[Start of section]

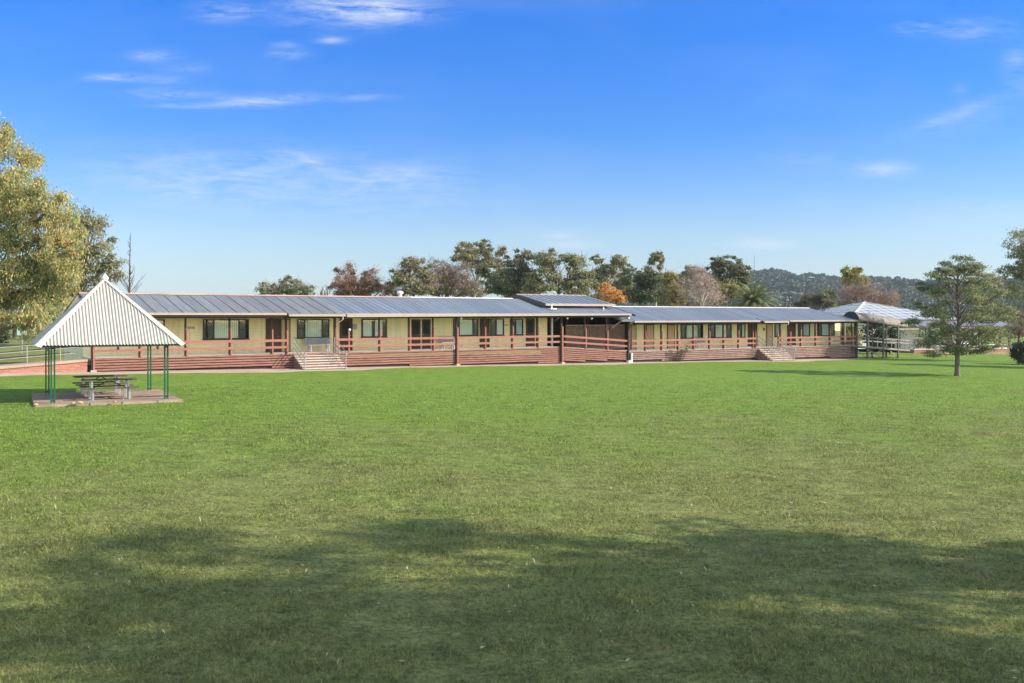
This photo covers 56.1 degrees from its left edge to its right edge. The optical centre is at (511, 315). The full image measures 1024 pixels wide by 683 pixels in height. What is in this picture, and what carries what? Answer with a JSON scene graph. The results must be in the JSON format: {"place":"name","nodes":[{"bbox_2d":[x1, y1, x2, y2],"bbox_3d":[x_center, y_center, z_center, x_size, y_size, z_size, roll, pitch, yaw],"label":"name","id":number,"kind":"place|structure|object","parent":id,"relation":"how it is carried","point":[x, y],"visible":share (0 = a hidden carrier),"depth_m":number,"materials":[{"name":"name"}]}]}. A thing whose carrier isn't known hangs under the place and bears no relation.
{"place":"outdoors","nodes":[
{"label":"outdoors","id":0,"kind":"place"},
{"bbox_2d":[16,311,63,334],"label":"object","id":1,"kind":"structure","parent":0,"point":[17,332],"depth_m":120.53,"materials":[{"name":"white paint"}]},
{"bbox_2d":[0,358,871,375],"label":"path","id":2,"kind":"structure","parent":0,"point":[228,371],"depth_m":58.29,"materials":[{"name":"concrete"}]},
{"bbox_2d":[293,337,346,369],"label":"entrance stairs","id":3,"kind":"structure","parent":2,"relation":"on","point":[310,362],"depth_m":59.35,"materials":[{"name":"concrete"}]},
{"bbox_2d":[668,344,690,361],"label":"straggly plant","id":4,"kind":"object","parent":2,"relation":"on","point":[680,354],"visible":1,"depth_m":78.42,"materials":[{"name":"brown plant"}]},
{"bbox_2d":[757,336,795,360],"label":"entrance stairs","id":5,"kind":"structure","parent":2,"relation":"on","point":[773,354],"depth_m":84.30,"materials":[{"name":"concrete"}]},
{"bbox_2d":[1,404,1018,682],"bbox_3d":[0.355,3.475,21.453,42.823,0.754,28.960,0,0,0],"label":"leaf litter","id":6,"kind":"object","parent":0,"point":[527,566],"visible":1,"depth_m":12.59,"materials":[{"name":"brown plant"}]},
{"bbox_2d":[0,324,1023,682],"bbox_3d":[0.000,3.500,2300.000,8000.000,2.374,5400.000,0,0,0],"label":"lawn","id":7,"kind":"structure","parent":0,"point":[920,370],"depth_m":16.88,"materials":[{"name":"green plant"}]},
{"bbox_2d":[0,326,10,342],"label":"round bush","id":8,"kind":"object","parent":7,"relation":"on","point":[3,338],"visible":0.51,"depth_m":92.21,"materials":[{"name":"green plant"}]},
{"bbox_2d":[1,285,35,337],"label":"young tree","id":9,"kind":"object","parent":7,"relation":"on","point":[13,334],"visible":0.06,"depth_m":107.50,"materials":[{"name":"green plant"}]},
{"bbox_2d":[0,344,87,373],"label":"brick ramp","id":10,"kind":"structure","parent":7,"relation":"on","point":[73,365],"depth_m":51.49,"materials":[{"name":"brick"}]},
{"bbox_2d":[23,296,70,325],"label":"garden tree","id":11,"kind":"object","parent":7,"relation":"on","point":[54,319],"visible":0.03,"depth_m":103.14,"materials":[{"name":"green plant"}]},
{"bbox_2d":[0,112,96,344],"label":"gum tree","id":12,"kind":"object","parent":7,"relation":"on","point":[44,271],"visible":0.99,"depth_m":64.59,"materials":[{"name":"green plant"}]},
{"bbox_2d":[57,205,128,298],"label":"gum tree","id":13,"kind":"object","parent":7,"relation":"on","point":[96,225],"visible":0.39,"depth_m":85.47,"materials":[{"name":"green plant"}]},
{"bbox_2d":[31,389,182,406],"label":"concrete slab","id":14,"kind":"structure","parent":7,"relation":"on","point":[110,397],"depth_m":37.19,"materials":[{"name":"concrete"}]},
{"bbox_2d":[73,374,127,395],"bbox_3d":[-16.873,2.825,39.372,1.997,0.750,1.615,0,0,-30],"label":"picnic table","id":15,"kind":"object","parent":14,"relation":"on","point":[117,391],"visible":0.85,"depth_m":39.25,"materials":[{"name":"wood"}]},
{"bbox_2d":[28,274,185,402],"bbox_3d":[-16.220,0.750,38.250,5.380,4.900,6.288,0,0,-28],"label":"picnic shelter","id":16,"kind":"object","parent":14,"relation":"on","point":[104,312],"visible":1,"depth_m":36.59,"materials":[{"name":"beige metal"}]},
{"bbox_2d":[79,378,138,400],"bbox_3d":[-15.612,2.825,37.211,1.996,0.750,1.615,0,0,-30],"label":"picnic table","id":17,"kind":"object","parent":14,"relation":"on","point":[91,388],"visible":0.99,"depth_m":37.06,"materials":[{"name":"wood"}]},
{"bbox_2d":[114,233,144,292],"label":"bare sapling","id":18,"kind":"object","parent":7,"relation":"on","point":[129,280],"visible":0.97,"depth_m":83.98,"materials":[{"name":"brown plant"}]},
{"bbox_2d":[254,274,317,294],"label":"leafy shrub","id":19,"kind":"object","parent":7,"relation":"on","point":[285,288],"visible":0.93,"depth_m":99.77,"materials":[{"name":"green plant"}]},
{"bbox_2d":[320,286,327,294],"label":"bare sapling","id":20,"kind":"object","parent":7,"relation":"on","point":[321,292],"visible":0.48,"depth_m":104.01,"materials":[{"name":"grey plant"}]},
{"bbox_2d":[63,291,634,371],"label":"accommodation building","id":21,"kind":"structure","parent":7,"relation":"on","point":[241,331],"depth_m":63.77,"materials":[{"name":"metal"}]},
{"bbox_2d":[202,319,249,339],"bbox_3d":[-17.578,0.850,59.090,2.935,1.260,0.120,0,0,-35],"label":"window","id":22,"kind":"structure","parent":21,"relation":"in","point":[215,329],"depth_m":59.06,"materials":[{"name":"grey glass"}]},
{"bbox_2d":[266,319,280,352],"bbox_3d":[-15.120,1.245,60.861,0.988,2.130,0.097,0,0,-35],"label":"door","id":23,"kind":"structure","parent":21,"relation":"in","point":[276,323],"depth_m":60.91,"materials":[{"name":"wood"}]},
{"bbox_2d":[281,319,290,351],"bbox_3d":[-14.466,1.245,61.322,0.658,2.130,0.097,0,0,-36],"label":"door","id":24,"kind":"structure","parent":21,"relation":"in","point":[282,320],"depth_m":61.29,"materials":[{"name":"metal"}]},
{"bbox_2d":[296,319,328,338],"bbox_3d":[-12.906,0.850,62.423,2.308,1.260,0.120,0,0,-35],"label":"window","id":25,"kind":"structure","parent":21,"relation":"in","point":[306,328],"depth_m":62.43,"materials":[{"name":"grey glass"}]},
{"bbox_2d":[304,338,332,351],"bbox_3d":[-12.494,1.866,62.016,1.750,0.892,0.540,0,0,-35],"label":"verandah bench","id":26,"kind":"object","parent":21,"relation":"on","point":[322,341],"visible":1,"depth_m":62.17,"materials":[{"name":"grey metal"}]},
{"bbox_2d":[340,319,352,350],"bbox_3d":[-11.015,1.245,63.784,0.911,2.130,0.097,0,0,-36],"label":"door","id":27,"kind":"structure","parent":21,"relation":"in","point":[345,324],"depth_m":63.77,"materials":[{"name":"metal"}]},
{"bbox_2d":[361,319,387,337],"bbox_3d":[-9.314,0.850,64.982,1.988,1.260,0.120,0,0,-36],"label":"window","id":28,"kind":"structure","parent":21,"relation":"in","point":[369,327],"depth_m":64.96,"materials":[{"name":"grey glass"}]},
{"bbox_2d":[410,318,420,348],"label":"door","id":29,"kind":"structure","parent":21,"relation":"in","point":[415,323],"depth_m":66.86,"materials":[{"name":"wood"}]},
{"bbox_2d":[421,318,431,348],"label":"door","id":30,"kind":"structure","parent":21,"relation":"in","point":[426,323],"depth_m":67.35,"materials":[{"name":"wood"}]},
{"bbox_2d":[438,336,454,348],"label":"verandah bench","id":31,"kind":"object","parent":21,"relation":"on","point":[443,340],"visible":0.73,"depth_m":67.71,"materials":[{"name":"grey metal"}]},
{"bbox_2d":[453,319,478,336],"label":"window","id":32,"kind":"structure","parent":21,"relation":"in","point":[467,327],"depth_m":69.39,"materials":[{"name":"grey glass"}]},
{"bbox_2d":[480,318,489,347],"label":"door","id":33,"kind":"structure","parent":21,"relation":"in","point":[487,320],"depth_m":70.31,"materials":[{"name":"wood"}]},
{"bbox_2d":[490,319,504,335],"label":"window","id":34,"kind":"structure","parent":21,"relation":"in","point":[496,325],"depth_m":70.83,"materials":[{"name":"glass"}]},
{"bbox_2d":[510,319,523,335],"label":"window","id":35,"kind":"structure","parent":21,"relation":"in","point":[517,323],"depth_m":71.98,"materials":[{"name":"glass"}]},
{"bbox_2d":[526,318,534,346],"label":"door","id":36,"kind":"structure","parent":21,"relation":"in","point":[530,322],"depth_m":72.63,"materials":[{"name":"wood"}]},
{"bbox_2d":[328,258,394,295],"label":"russet tree","id":37,"kind":"object","parent":7,"relation":"on","point":[350,284],"visible":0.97,"depth_m":105.23,"materials":[{"name":"brown plant"}]},
{"bbox_2d":[383,254,441,296],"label":"gum tree","id":38,"kind":"object","parent":7,"relation":"on","point":[421,286],"visible":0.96,"depth_m":104.86,"materials":[{"name":"green plant"}]},
{"bbox_2d":[411,253,487,296],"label":"bare tree","id":39,"kind":"object","parent":7,"relation":"on","point":[466,285],"visible":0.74,"depth_m":108.17,"materials":[{"name":"brown plant"}]},
{"bbox_2d":[420,274,491,297],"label":"bushy tree","id":40,"kind":"object","parent":7,"relation":"on","point":[483,293],"visible":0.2,"depth_m":135.69,"materials":[{"name":"green plant"}]},
{"bbox_2d":[450,237,513,296],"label":"gum tree","id":41,"kind":"object","parent":7,"relation":"on","point":[469,254],"visible":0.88,"depth_m":121.21,"materials":[{"name":"green plant"}]},
{"bbox_2d":[482,247,541,297],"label":"gum tree","id":42,"kind":"object","parent":7,"relation":"on","point":[519,264],"visible":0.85,"depth_m":114.82,"materials":[{"name":"green plant"}]},
{"bbox_2d":[488,277,549,297],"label":"bushy tree","id":43,"kind":"object","parent":7,"relation":"on","point":[523,285],"visible":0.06,"depth_m":138.50,"materials":[{"name":"green plant"}]},
{"bbox_2d":[512,247,597,296],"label":"gum tree","id":44,"kind":"object","parent":7,"relation":"on","point":[547,262],"visible":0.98,"depth_m":112.83,"materials":[{"name":"green plant"}]},
{"bbox_2d":[587,253,630,290],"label":"gum tree","id":45,"kind":"object","parent":7,"relation":"on","point":[603,274],"visible":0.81,"depth_m":127.13,"materials":[{"name":"green plant"}]},
{"bbox_2d":[586,277,635,296],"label":"bushy tree","id":46,"kind":"object","parent":7,"relation":"on","point":[633,284],"visible":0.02,"depth_m":138.62,"materials":[{"name":"green plant"}]},
{"bbox_2d":[592,276,630,303],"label":"autumn tree","id":47,"kind":"object","parent":7,"relation":"on","point":[607,293],"visible":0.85,"depth_m":97.52,"materials":[{"name":"orange plant"}]},
{"bbox_2d":[610,264,670,305],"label":"gum tree","id":48,"kind":"object","parent":7,"relation":"on","point":[645,282],"visible":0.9,"depth_m":115.03,"materials":[{"name":"green plant"}]},
{"bbox_2d":[646,250,665,305],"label":"gum tree","id":49,"kind":"object","parent":7,"relation":"on","point":[656,256],"visible":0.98,"depth_m":150.17,"materials":[{"name":"green plant"}]},
{"bbox_2d":[654,269,688,305],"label":"poplar tree","id":50,"kind":"object","parent":7,"relation":"on","point":[671,296],"visible":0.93,"depth_m":111.40,"materials":[{"name":"green plant"}]},
{"bbox_2d":[651,275,711,306],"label":"bushy tree","id":51,"kind":"object","parent":7,"relation":"on","point":[681,278],"visible":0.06,"depth_m":137.73,"materials":[{"name":"green plant"}]},
{"bbox_2d":[675,264,705,306],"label":"gum tree","id":52,"kind":"object","parent":7,"relation":"on","point":[686,267],"visible":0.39,"depth_m":129.14,"materials":[{"name":"green plant"}]},
{"bbox_2d":[677,262,729,306],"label":"bare tree","id":53,"kind":"object","parent":7,"relation":"on","point":[701,288],"visible":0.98,"depth_m":105.51,"materials":[{"name":"brown plant"}]},
{"bbox_2d":[711,276,745,306],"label":"tree","id":54,"kind":"object","parent":7,"relation":"on","point":[732,288],"visible":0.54,"depth_m":113.39,"materials":[{"name":"green plant"}]},
{"bbox_2d":[704,254,753,306],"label":"gum tree","id":55,"kind":"object","parent":7,"relation":"on","point":[721,265],"visible":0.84,"depth_m":123.41,"materials":[{"name":"green plant"}]},
{"bbox_2d":[595,306,863,361],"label":"accommodation building","id":56,"kind":"structure","parent":7,"relation":"on","point":[657,333],"depth_m":83.89,"materials":[{"name":"brown paint"}]},
{"bbox_2d":[630,325,636,349],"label":"door","id":57,"kind":"structure","parent":56,"relation":"in","point":[633,328],"depth_m":78.74,"materials":[{"name":"wood"}]},
{"bbox_2d":[646,325,653,348],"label":"door","id":58,"kind":"structure","parent":56,"relation":"in","point":[649,328],"depth_m":79.86,"materials":[{"name":"wood"}]},
{"bbox_2d":[667,324,674,348],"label":"door","id":59,"kind":"structure","parent":56,"relation":"in","point":[671,327],"depth_m":81.22,"materials":[{"name":"wood"}]},
{"bbox_2d":[681,324,702,338],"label":"window","id":60,"kind":"structure","parent":56,"relation":"in","point":[686,329],"depth_m":82.64,"materials":[{"name":"glass"}]},
{"bbox_2d":[695,338,706,347],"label":"verandah bench","id":61,"kind":"object","parent":56,"relation":"on","point":[703,341],"visible":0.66,"depth_m":82.66,"materials":[{"name":"grey metal"}]},
{"bbox_2d":[710,324,731,337],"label":"window","id":62,"kind":"structure","parent":56,"relation":"in","point":[715,329],"depth_m":84.75,"materials":[{"name":"grey glass"}]},
{"bbox_2d":[739,324,745,337],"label":"window","id":63,"kind":"structure","parent":56,"relation":"in","point":[742,327],"depth_m":86.50,"materials":[{"name":"grey glass"}]},
{"bbox_2d":[748,324,756,346],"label":"door","id":64,"kind":"structure","parent":56,"relation":"in","point":[749,325],"depth_m":87.07,"materials":[{"name":"wood"}]},
{"bbox_2d":[766,324,772,345],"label":"door","id":65,"kind":"structure","parent":56,"relation":"in","point":[769,327],"depth_m":88.60,"materials":[{"name":"wood"}]},
{"bbox_2d":[774,324,778,336],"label":"window","id":66,"kind":"structure","parent":56,"relation":"in","point":[776,326],"depth_m":89.23,"materials":[{"name":"grey glass"}]},
{"bbox_2d":[787,324,795,344],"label":"door","id":67,"kind":"structure","parent":56,"relation":"in","point":[791,328],"depth_m":90.43,"materials":[{"name":"wood"}]},
{"bbox_2d":[797,324,809,336],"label":"window","id":68,"kind":"structure","parent":56,"relation":"in","point":[805,328],"depth_m":91.59,"materials":[{"name":"grey glass"}]},
{"bbox_2d":[817,323,834,335],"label":"window","id":69,"kind":"structure","parent":56,"relation":"in","point":[822,328],"depth_m":93.46,"materials":[{"name":"grey glass"}]},
{"bbox_2d":[728,281,780,306],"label":"palm tree","id":70,"kind":"object","parent":7,"relation":"on","point":[751,298],"visible":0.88,"depth_m":107.38,"materials":[{"name":"green plant"}]},
{"bbox_2d":[791,286,838,310],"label":"bushy tree","id":71,"kind":"object","parent":7,"relation":"on","point":[827,298],"visible":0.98,"depth_m":117.19,"materials":[{"name":"green plant"}]},
{"bbox_2d":[840,323,863,345],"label":"garden bush","id":72,"kind":"object","parent":7,"relation":"on","point":[848,330],"visible":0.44,"depth_m":104.28,"materials":[{"name":"green plant"}]},
{"bbox_2d":[840,265,870,295],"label":"gum tree","id":73,"kind":"object","parent":7,"relation":"on","point":[851,276],"visible":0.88,"depth_m":155.92,"materials":[{"name":"green plant"}]},
{"bbox_2d":[835,279,905,306],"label":"bare tree","id":74,"kind":"object","parent":7,"relation":"on","point":[877,297],"visible":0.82,"depth_m":139.31,"materials":[{"name":"brown plant"}]},
{"bbox_2d":[858,312,890,353],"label":"garden bush","id":75,"kind":"object","parent":7,"relation":"on","point":[878,332],"visible":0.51,"depth_m":105.56,"materials":[{"name":"green plant"}]},
{"bbox_2d":[844,311,909,358],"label":"arched walkway","id":76,"kind":"structure","parent":7,"relation":"on","point":[884,322],"depth_m":93.81,"materials":[{"name":"metal"}]},
{"bbox_2d":[887,327,906,353],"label":"garden bush","id":77,"kind":"object","parent":7,"relation":"on","point":[892,332],"visible":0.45,"depth_m":106.30,"materials":[{"name":"green plant"}]},
{"bbox_2d":[821,302,1012,353],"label":"hip roofed building","id":78,"kind":"structure","parent":7,"relation":"on","point":[881,310],"depth_m":115.71,"materials":[{"name":"white paint"}]},
{"bbox_2d":[920,328,935,336],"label":"window","id":79,"kind":"structure","parent":78,"relation":"in","point":[921,330],"depth_m":115.41,"materials":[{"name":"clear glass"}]},
{"bbox_2d":[900,254,1019,375],"bbox_3d":[30.166,-0.038,64.480,7.457,8.354,7.583,0,0,0],"label":"lawn tree","id":80,"kind":"object","parent":7,"relation":"on","point":[947,330],"visible":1,"depth_m":64.04,"materials":[{"name":"green plant"}]},
{"bbox_2d":[974,275,1020,344],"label":"gum tree","id":81,"kind":"object","parent":7,"relation":"on","point":[992,293],"visible":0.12,"depth_m":127.84,"materials":[{"name":"green plant"}]},
{"bbox_2d":[989,227,1023,330],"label":"gum tree","id":82,"kind":"object","parent":7,"relation":"on","point":[1018,274],"visible":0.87,"depth_m":89.69,"materials":[{"name":"green plant"}]},
{"bbox_2d":[997,308,1023,341],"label":"bare tree","id":83,"kind":"object","parent":7,"relation":"on","point":[1018,332],"visible":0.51,"depth_m":139.62,"materials":[{"name":"brown plant"}]},
{"bbox_2d":[1008,339,1023,364],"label":"round bush","id":84,"kind":"object","parent":7,"relation":"on","point":[1017,351],"visible":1,"depth_m":84.53,"materials":[{"name":"green plant"}]},
{"bbox_2d":[0,0,1023,308],"label":"sky","id":85,"kind":"structure","parent":0,"point":[237,144],"materials":[{"name":"blue"}]},
{"bbox_2d":[644,273,1023,322],"bbox_3d":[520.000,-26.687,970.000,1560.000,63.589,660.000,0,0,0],"label":"hills","id":86,"kind":"structure","parent":0,"point":[762,277],"depth_m":983.76,"materials":[{"name":"green plant"}]},
{"bbox_2d":[588,267,1023,319],"bbox_3d":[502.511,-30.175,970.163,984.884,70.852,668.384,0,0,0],"label":"forest","id":87,"kind":"object","parent":86,"relation":"on","point":[785,283],"visible":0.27,"depth_m":995.76,"materials":[{"name":"green plant"}]}
]}

[End of section]

• [YOUR TASK]: Report each line of the entries where the word "accommodation" occurs.

• [SOLUTION]:
{"bbox_2d":[63,291,634,371],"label":"accommodation building","id":21,"kind":"structure","parent":7,"relation":"on","point":[241,331],"depth_m":63.77,"materials":[{"name":"metal"}]},
{"bbox_2d":[595,306,863,361],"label":"accommodation building","id":56,"kind":"structure","parent":7,"relation":"on","point":[657,333],"depth_m":83.89,"materials":[{"name":"brown paint"}]},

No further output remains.